• _TASK_
The lines from the one containing "Answer in one word or a short phrase." through the last one in the data: please copy those exactly, and only those, without the pictures.

Records contained in a dataset
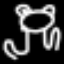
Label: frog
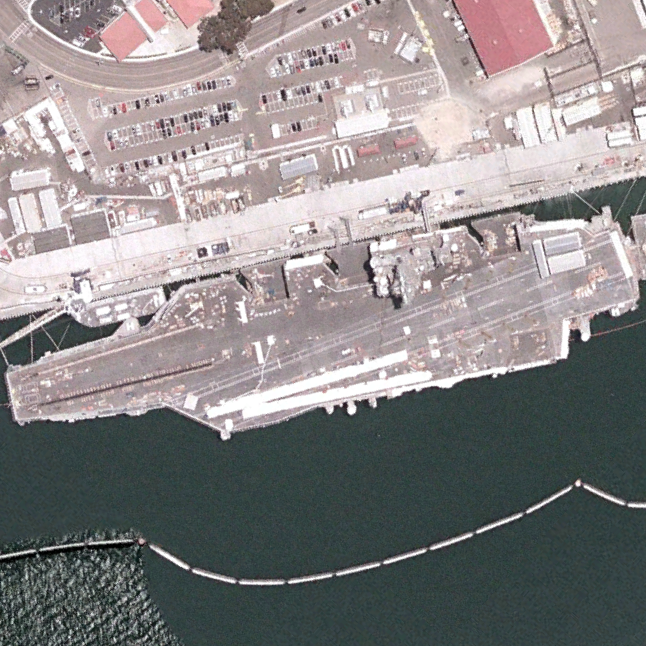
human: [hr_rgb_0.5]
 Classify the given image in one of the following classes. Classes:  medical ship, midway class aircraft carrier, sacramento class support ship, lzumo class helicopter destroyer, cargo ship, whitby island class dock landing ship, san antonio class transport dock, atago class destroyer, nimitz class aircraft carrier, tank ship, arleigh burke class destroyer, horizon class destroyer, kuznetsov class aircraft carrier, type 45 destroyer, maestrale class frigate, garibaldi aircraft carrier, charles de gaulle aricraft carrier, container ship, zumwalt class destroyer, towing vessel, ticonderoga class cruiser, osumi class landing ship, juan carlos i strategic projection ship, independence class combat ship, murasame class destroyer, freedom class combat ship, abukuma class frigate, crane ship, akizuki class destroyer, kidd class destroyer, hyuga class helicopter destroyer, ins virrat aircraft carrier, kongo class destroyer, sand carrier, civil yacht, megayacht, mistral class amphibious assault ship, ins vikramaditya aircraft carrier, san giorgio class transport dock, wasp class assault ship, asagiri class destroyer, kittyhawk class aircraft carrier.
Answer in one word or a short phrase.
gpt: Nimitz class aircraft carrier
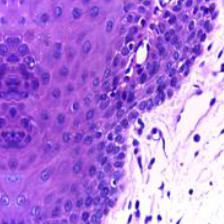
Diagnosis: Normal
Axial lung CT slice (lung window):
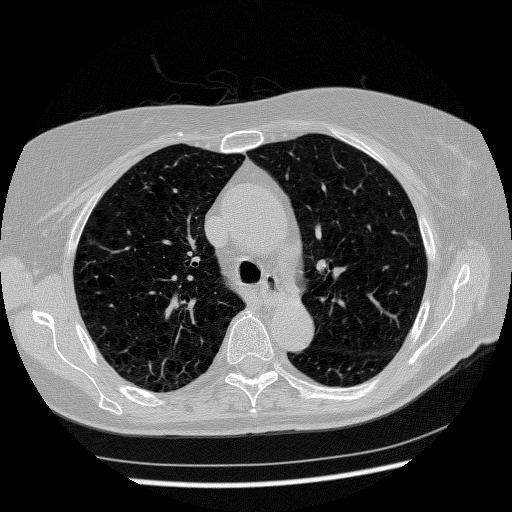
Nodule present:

• _RESPONSE BELOW_
Answer in one word or a short phrase.
gpt: Nimitz class aircraft carrier
Diagnosis: Normal
Axial lung CT slice (lung window):
Nodule present:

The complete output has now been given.